Historia De Un Culturicidio


Había un mundo.

Había un mundo dentro de un mundo.

Había miles de pequeños mundos que estaban dentro de un mundo, que estaba dentro de un mundo.

Eran pequeños mundos plenos de alegrías y tristezas.

Eran pequeños mundos en que los violines y clarinetes lloraban riendo o reían llorando, mientras el tambor latía como un corazón.

Eran pequeños mundos en que los pobres eran pobres con dignidad, y los ricos no se ocultaban tras su riqueza.

Eran pequeños mundos con grandes sueños.

Eran pequeños mundos en que la ley exterior no valía nada, sino que valía la ley dada a Moisés en el Sinaí, y donde el juez era sabio en esa ley.

Esos pequeños mundos estaban llenos de Menajem Mendels, Tevies, Benjamines Terceros, ricachones y pobretes.

Eran pequeños mundos en los que había bodas y circuncisiones, pogromos y sepelios.

Pero vino la tormenta negra y barrió esos pequeños mundos. Motl fue realmente huérfano de padre, madre y hermano; Benjamín Tercero emprendió su último viaje hacia la nada; Menajem Mendel vio convertirse en humo su último proyecto de vida y Tevie ya no pudo ser rico.

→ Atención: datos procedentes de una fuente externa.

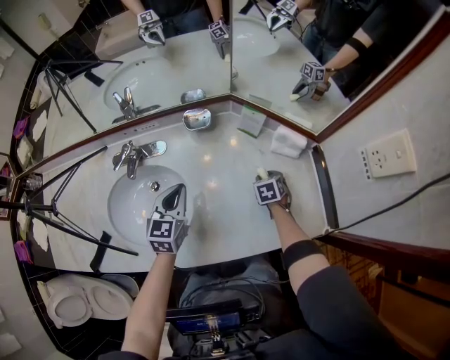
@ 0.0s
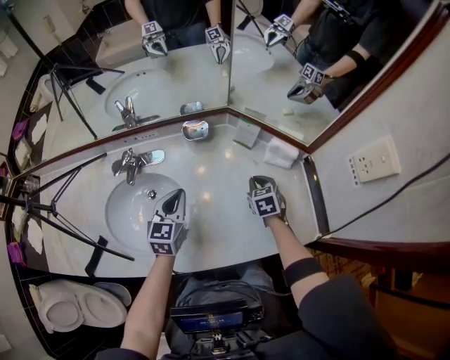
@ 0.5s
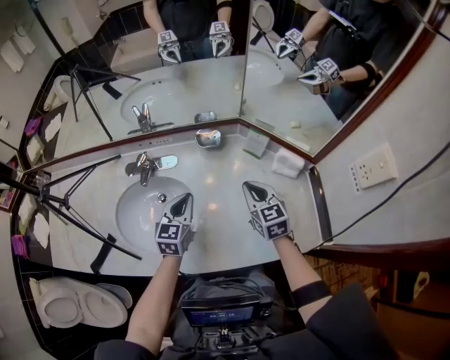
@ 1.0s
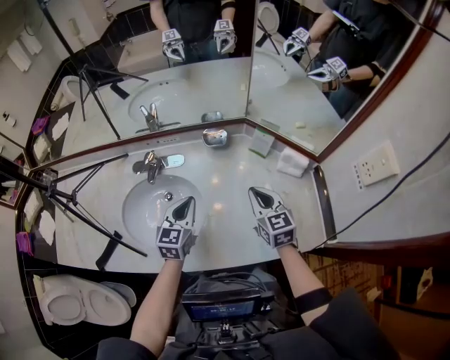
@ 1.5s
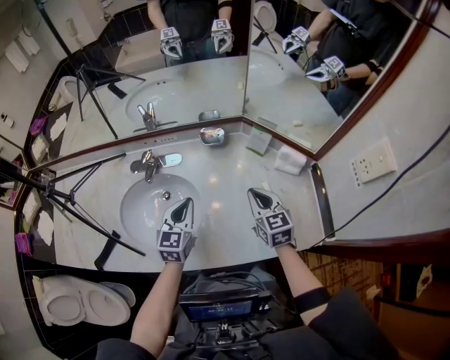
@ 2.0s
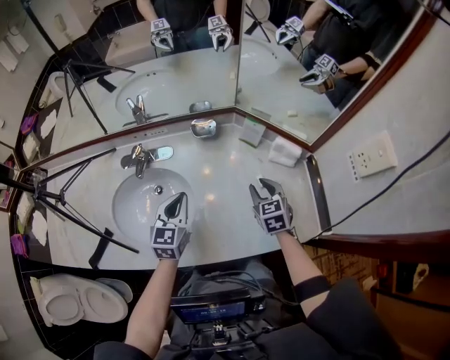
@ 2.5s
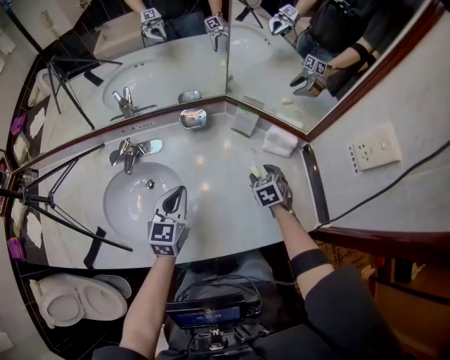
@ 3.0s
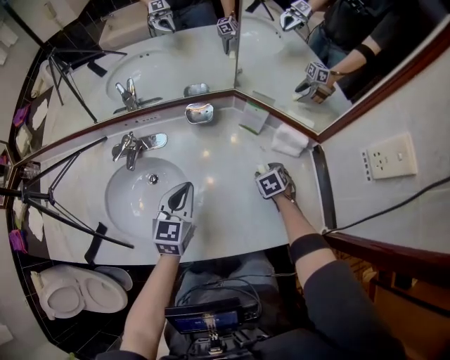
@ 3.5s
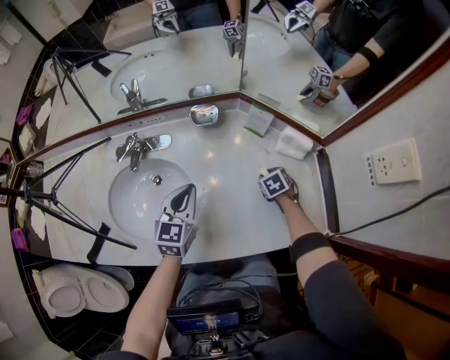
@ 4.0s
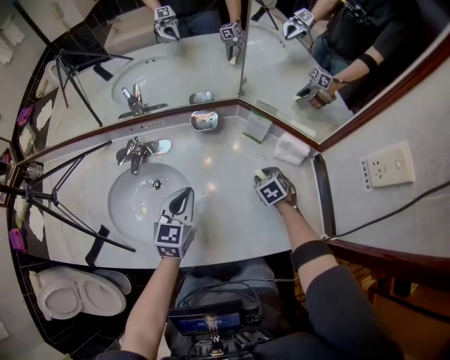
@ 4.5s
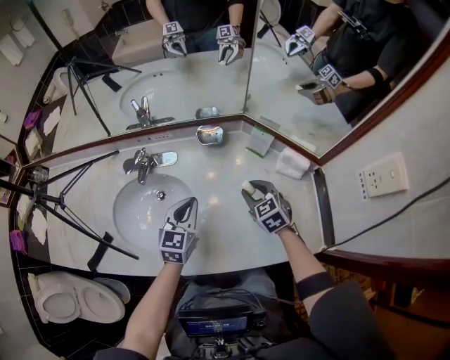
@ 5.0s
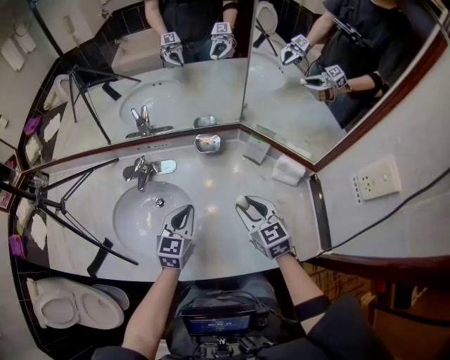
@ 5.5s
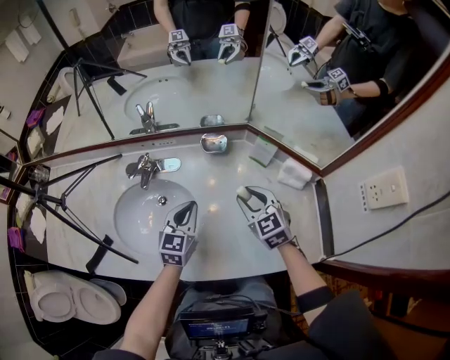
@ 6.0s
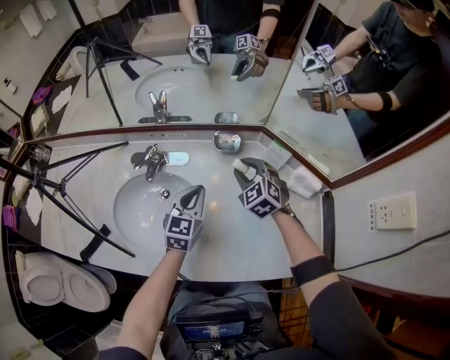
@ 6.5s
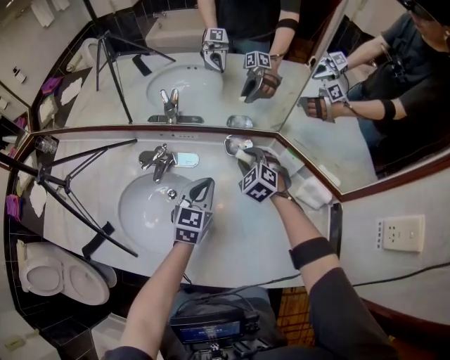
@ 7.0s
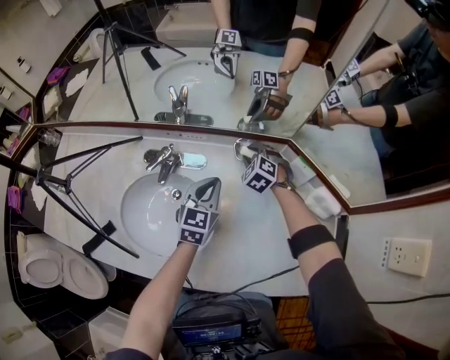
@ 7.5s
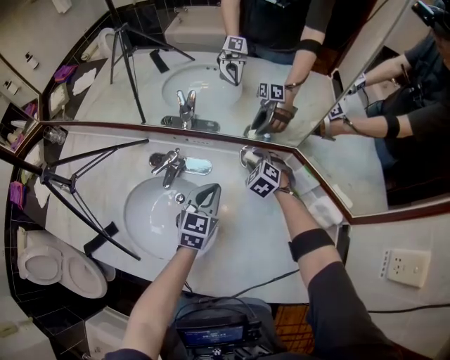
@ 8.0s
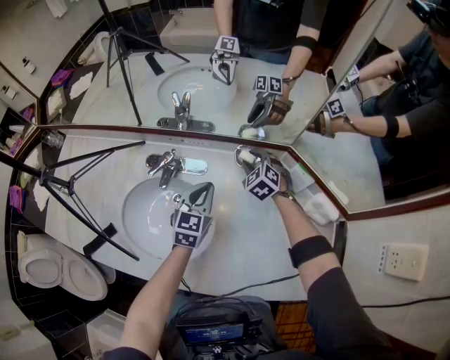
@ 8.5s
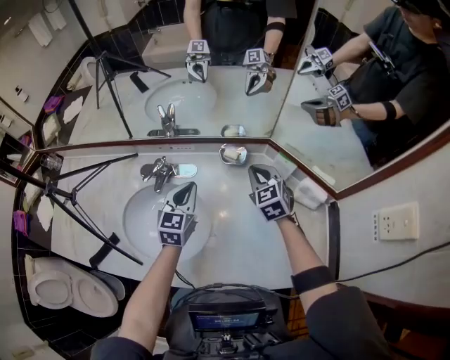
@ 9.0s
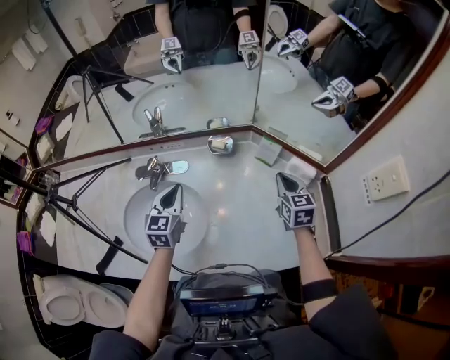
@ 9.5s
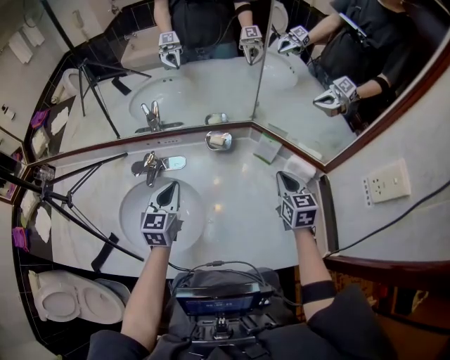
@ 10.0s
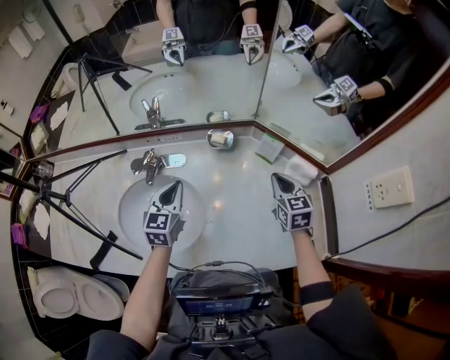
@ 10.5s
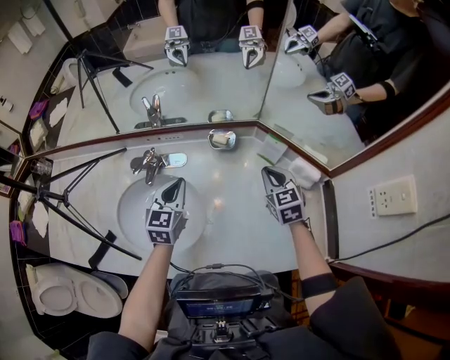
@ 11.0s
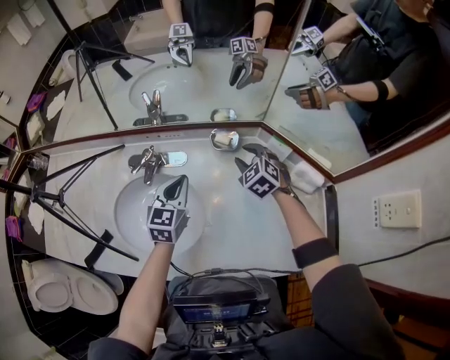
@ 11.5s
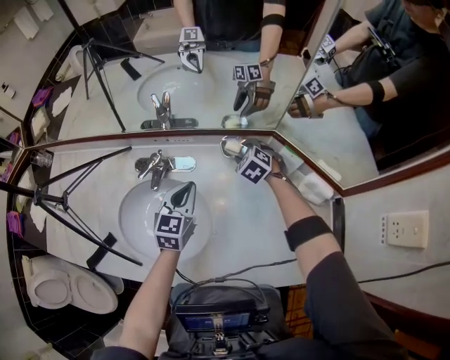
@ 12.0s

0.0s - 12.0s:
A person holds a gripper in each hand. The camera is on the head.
0.0s - 2.0s: The right gripper heads upward and to the left, covering some 25 cm, tips its fingers upward by roughly 40 degrees, and closes up. Meanwhile the left gripper changes place by approximately 5 cm.
2.0s - 4.0s: The left gripper moves roughly 5 cm. The right gripper shifts about 25 cm downward, tilts its fingers roughly 40 degrees downward, and opens up.
4.0s - 6.0s: The right gripper heads upward and to the left, covering roughly 25 cm, and points its fingers some 40 degrees further upward.
6.0s - 8.0s: The right gripper is displaced forward and downward by approximately 25 cm, and changes its angle by about 40 degrees, while the left gripper moves forward, some 10 cm.
8.0s - 10.0s: The left gripper moves backward and upward, roughly 10 cm; the right gripper goes approximately 30 cm to the right, backward and upward, rolls clockwise, seen from behind, by roughly 60 degrees, and closes up.
10.0s - 12.0s: The left gripper shifts by about 5 cm, while the right gripper heads to the left, forward and downward, covering some 30 cm, swivels about 60 degrees, and opens its fingers.

El shtetl de Gebirtik se incendió definitivamente y nada quedó de él, solo el recuerdo en la mirada afiebrada de los pocos sobrevivientes, un recuerdo plagado de horror.

Y esos pocos sobrevivientes abandonaron los países-tumbas en busca de una posible resurrección.

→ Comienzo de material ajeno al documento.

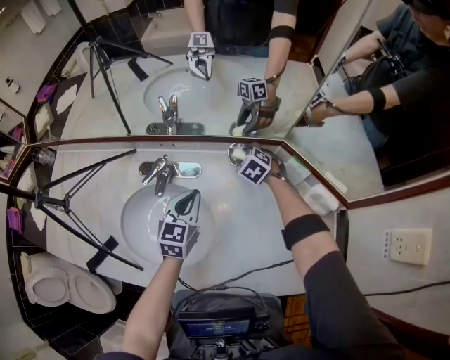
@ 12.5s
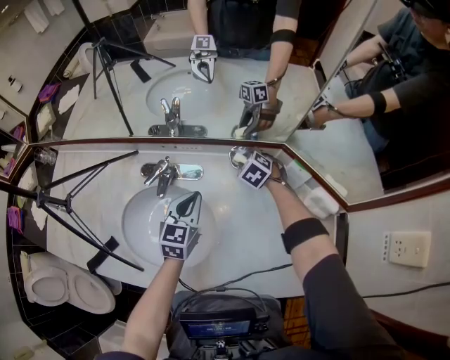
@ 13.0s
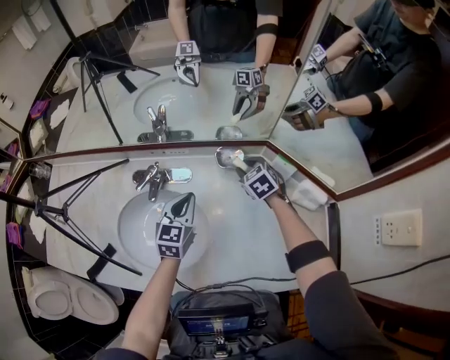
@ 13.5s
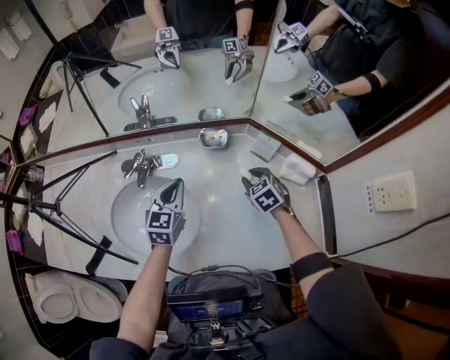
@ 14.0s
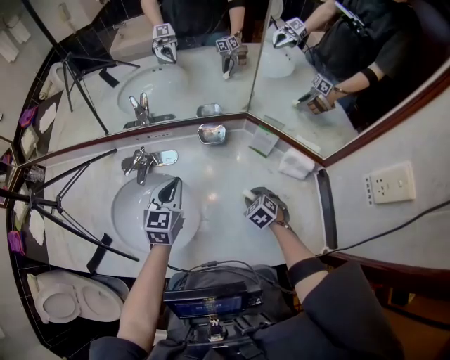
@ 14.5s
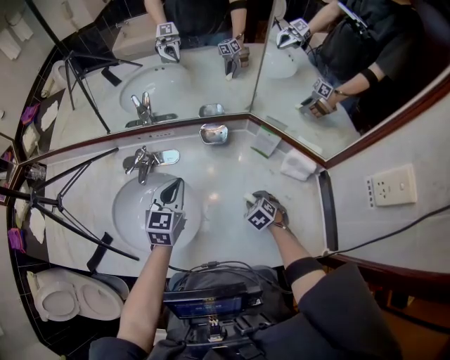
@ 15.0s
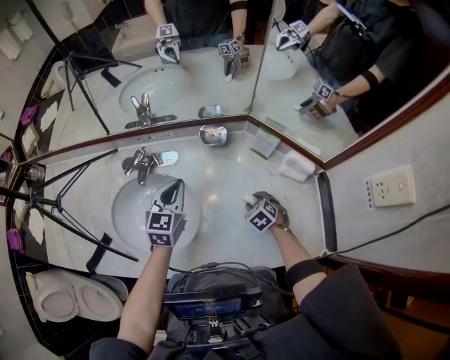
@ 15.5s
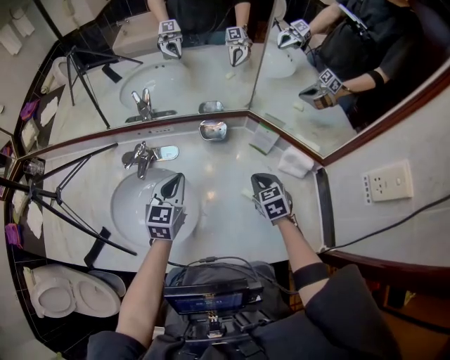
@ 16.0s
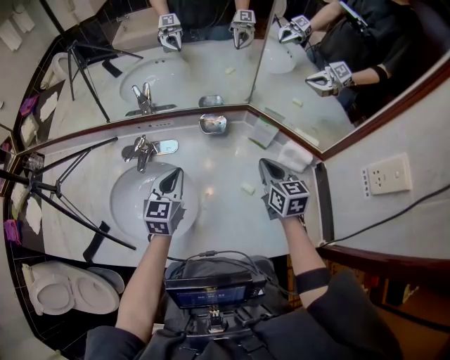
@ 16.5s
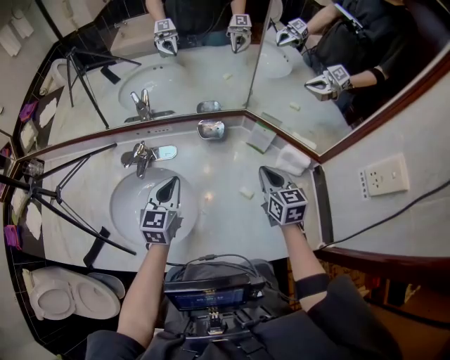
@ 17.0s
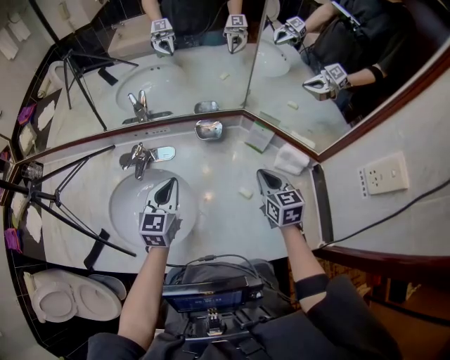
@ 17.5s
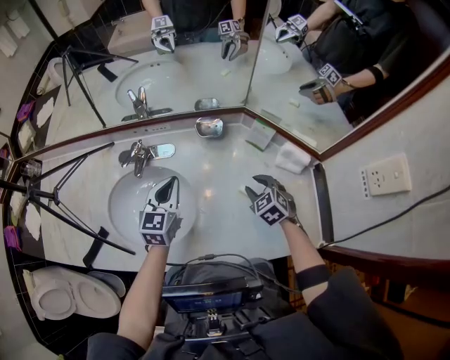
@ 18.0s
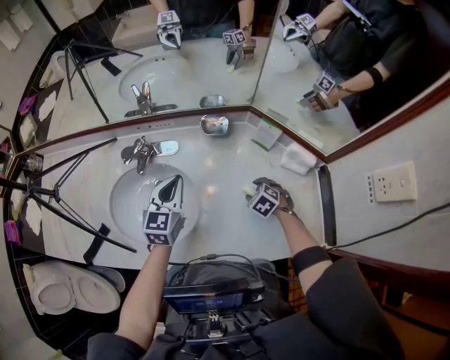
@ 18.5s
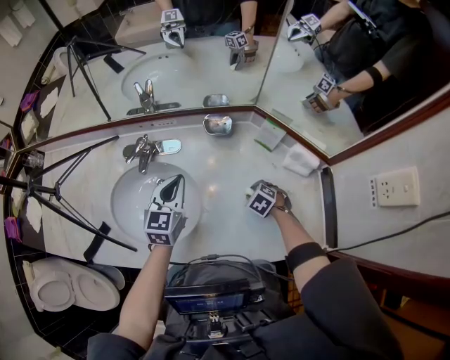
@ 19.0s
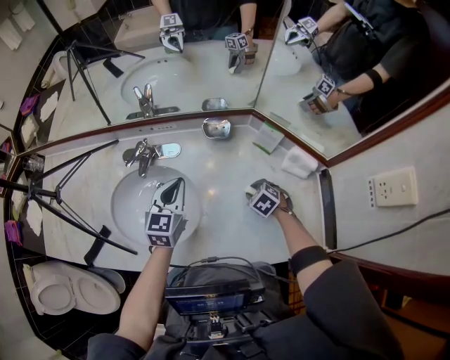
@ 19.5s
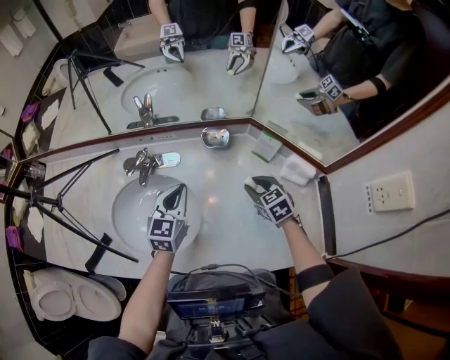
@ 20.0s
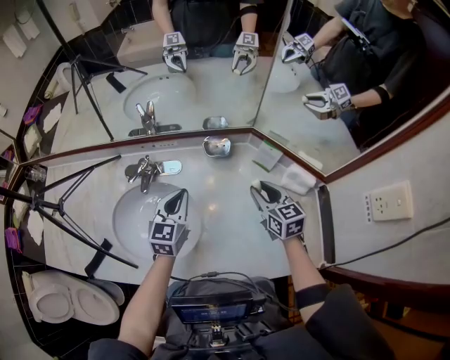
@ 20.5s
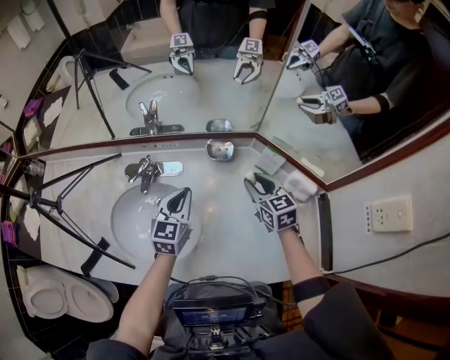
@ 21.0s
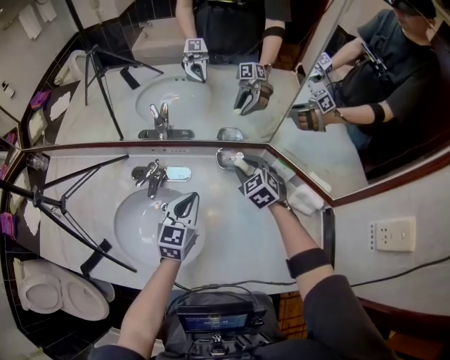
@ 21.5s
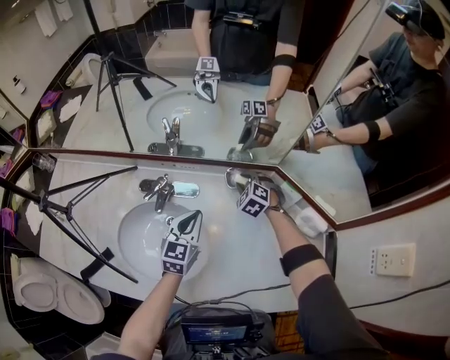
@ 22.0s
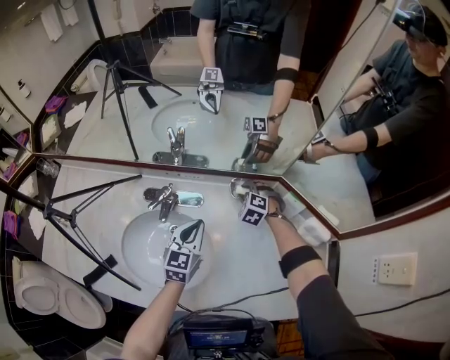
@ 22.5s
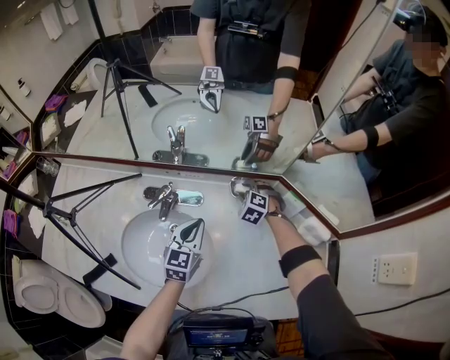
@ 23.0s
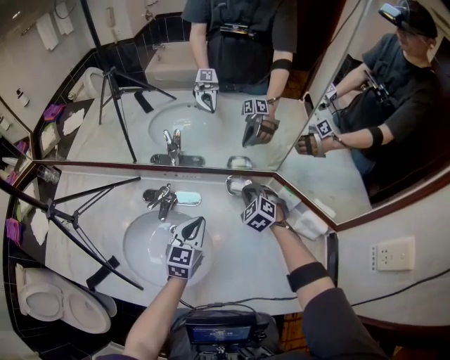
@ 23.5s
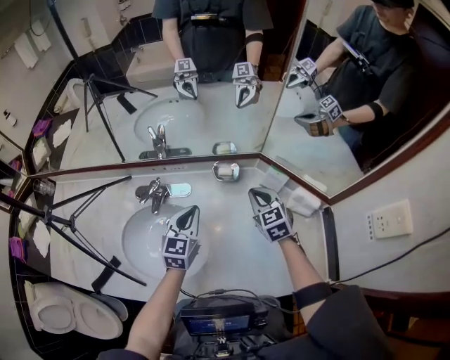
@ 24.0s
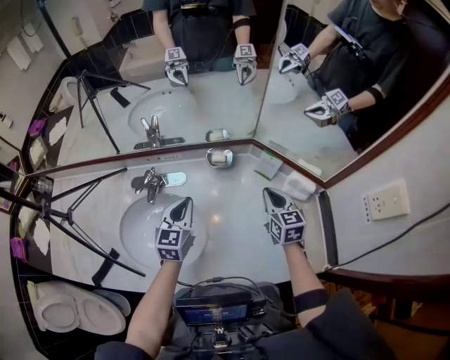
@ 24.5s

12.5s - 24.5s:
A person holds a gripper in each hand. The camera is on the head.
12.5s - 14.5s: The right gripper heads backward, covering about 25 cm.
14.5s - 16.5s: The right gripper travels upward by some 20 cm, angles its fingers upward, by about 40 degrees, and closes up.
16.5s - 18.5s: The right gripper shifts roughly 20 cm downward, tilts its fingers some 50 degrees downward, and opens its fingers.
18.5s - 20.5s: The right gripper heads upward, covering approximately 20 cm, angles its fingers upward, by approximately 40 degrees, and closes.
20.5s - 22.5s: The right gripper goes approximately 25 cm forward, to the left and downward, and twists approximately 60 degrees counterclockwise, seen from behind.
22.5s - 24.5s: The right gripper moves backward, to the right and upward, roughly 25 cm, rolls clockwise, seen from behind, by some 70 degrees, and closes up.

Emigraron: algunos a los países americanos, donde ingresaron clandestinamente, mientras que los verdugos de sus familias ingresaban por la puerta grande.

Otros, tras muchas peripecias, entraron a Israel, donde aprendieron que sólo se sobrevive luchando.

Y formaron familias, tuvieron hijos, hijos que llevaban los nombres de aquellos barridos por las hordas pardas. Y esos hijos se casaron, y tuvieron otros hijos. Pero aquellos sobrevivientes comprendieron que la continuidad de la cadena de siglos se había cortado. Los hijos de los hijos no eran Moishele o Rivkele, sino Tomer o Calanit, nombres nuevos para un pueblo nuevo surgido de las cenizas de un pueblo viejo.

Y ahí los sobrevivientes comprendieron que ellos, en realidad, no estaban vivos, sino que sus almas habían quedado entre las cenizas de Europa, pero no eran los nazis quienes los habían asesinado, sino su propia descendencia al cortar la cadena de oro que los unía con sus progenitores.